_Dataset excerpts_

____

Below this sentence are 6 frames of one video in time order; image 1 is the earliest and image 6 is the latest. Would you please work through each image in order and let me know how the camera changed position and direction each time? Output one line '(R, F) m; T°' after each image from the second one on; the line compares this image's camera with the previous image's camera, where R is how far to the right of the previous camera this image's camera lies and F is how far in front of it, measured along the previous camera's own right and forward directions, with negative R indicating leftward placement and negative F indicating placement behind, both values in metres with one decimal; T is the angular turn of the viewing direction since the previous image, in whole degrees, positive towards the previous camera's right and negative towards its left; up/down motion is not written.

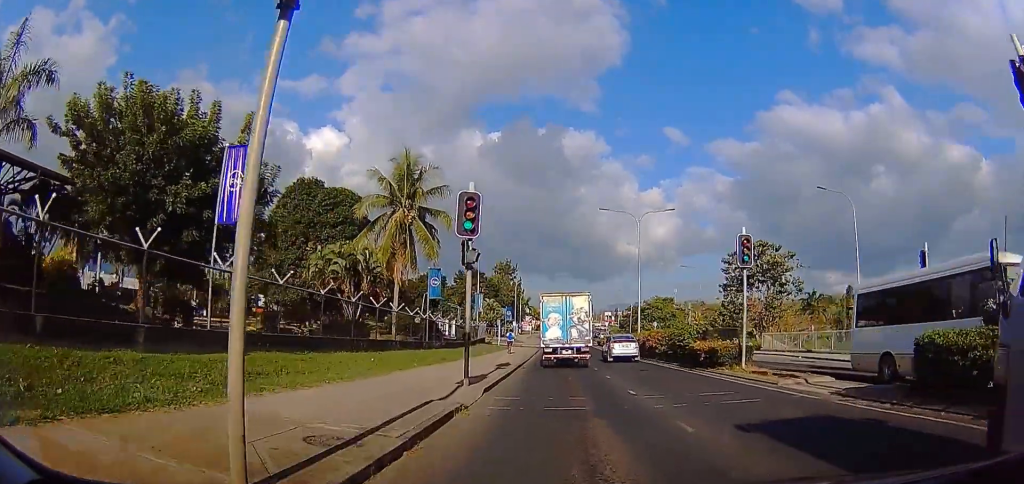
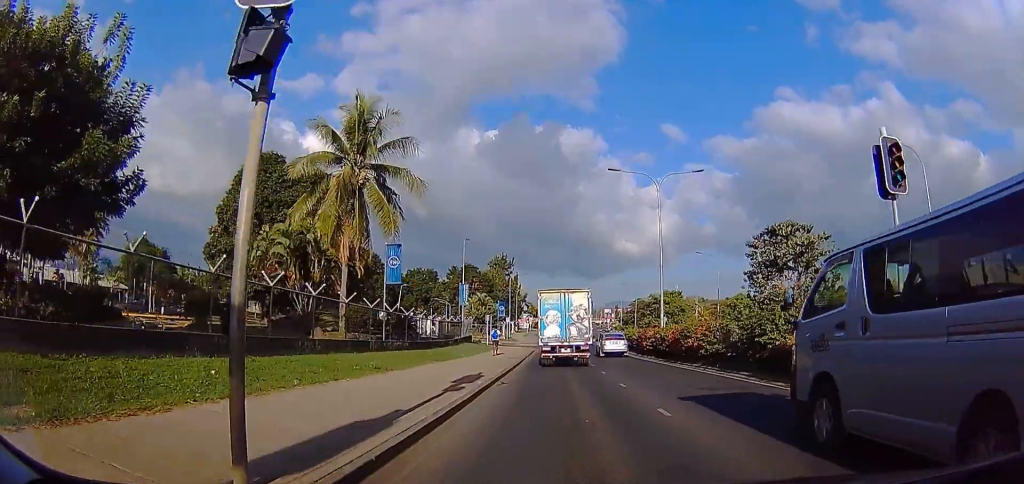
(-0.3, +9.6) m; 0°
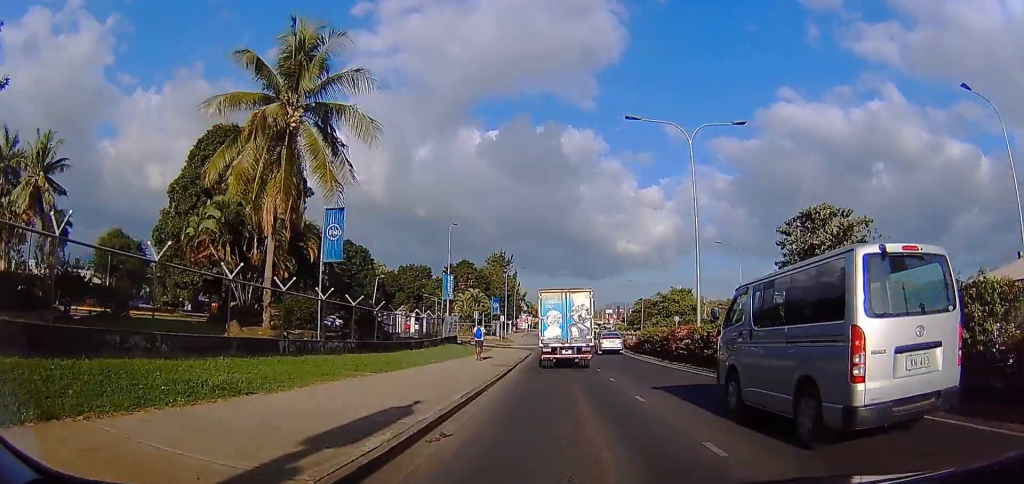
(+0.5, +8.2) m; +1°
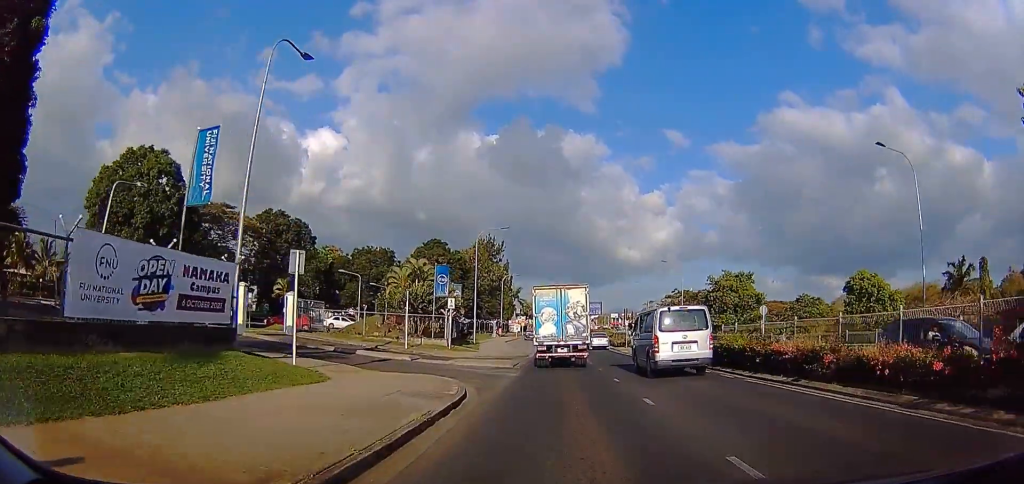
(-0.5, +32.8) m; 0°
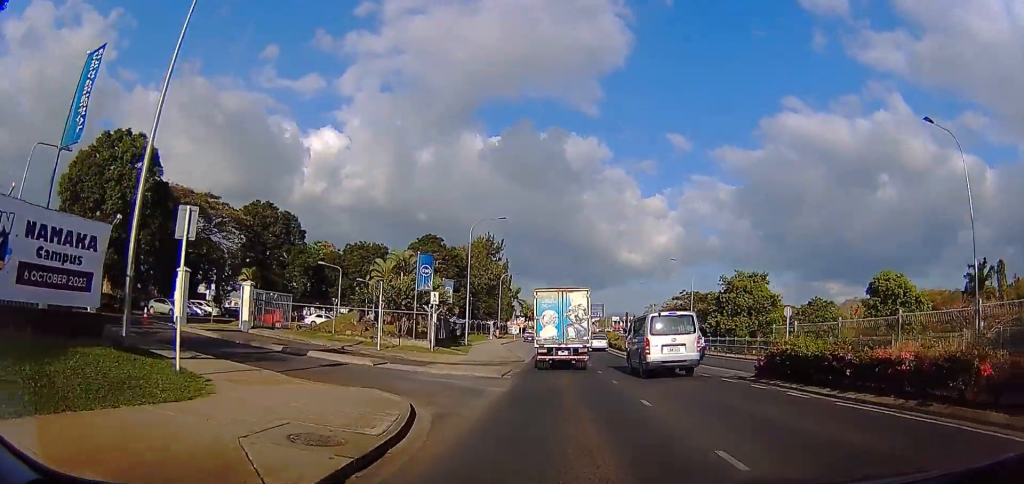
(+0.4, +4.8) m; 0°
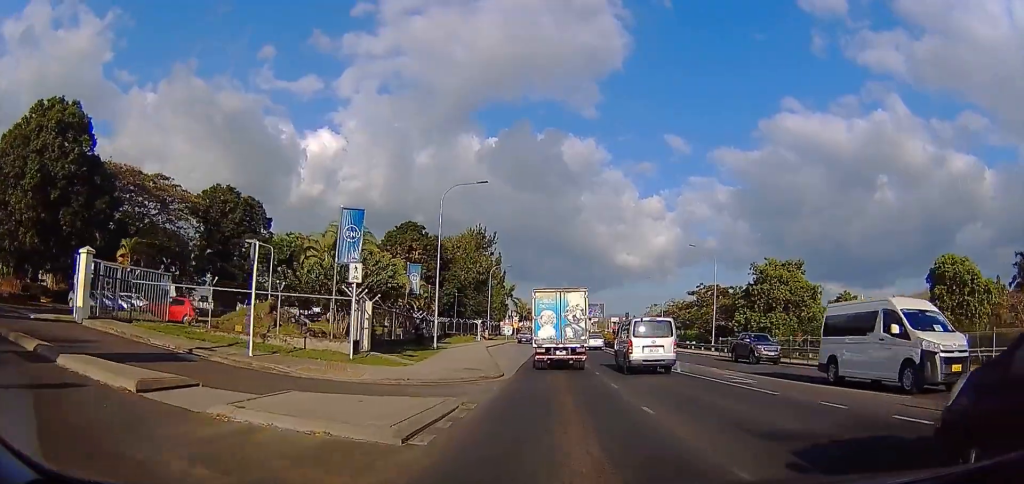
(-0.8, +11.0) m; 0°

____

Retype every entry word for word, but do not carry over the pictures.

_ANSWER BELOW_
Below this sentence are 6 frames of one video in time order; image 1 is the earliest and image 6 is the latest. Would you please work through each image in order and let me know how the camera changed position and direction each time? Output one line '(R, F) m; T°' after each image from the second one on; the line compares this image's camera with the previous image's camera, where R is how far to the right of the previous camera this image's camera lies and F is how far in front of it, measured along the previous camera's own right and forward directions, with negative R indicating leftward placement and negative F indicating placement behind, both values in metres with one decimal; T is the angular turn of the viewing direction since the previous image, in whole degrees, positive towards the previous camera's right and negative towards its left; up/down motion is not written.

(-0.3, +9.6) m; 0°
(+0.5, +8.2) m; +1°
(-0.5, +32.8) m; 0°
(+0.4, +4.8) m; 0°
(-0.8, +11.0) m; 0°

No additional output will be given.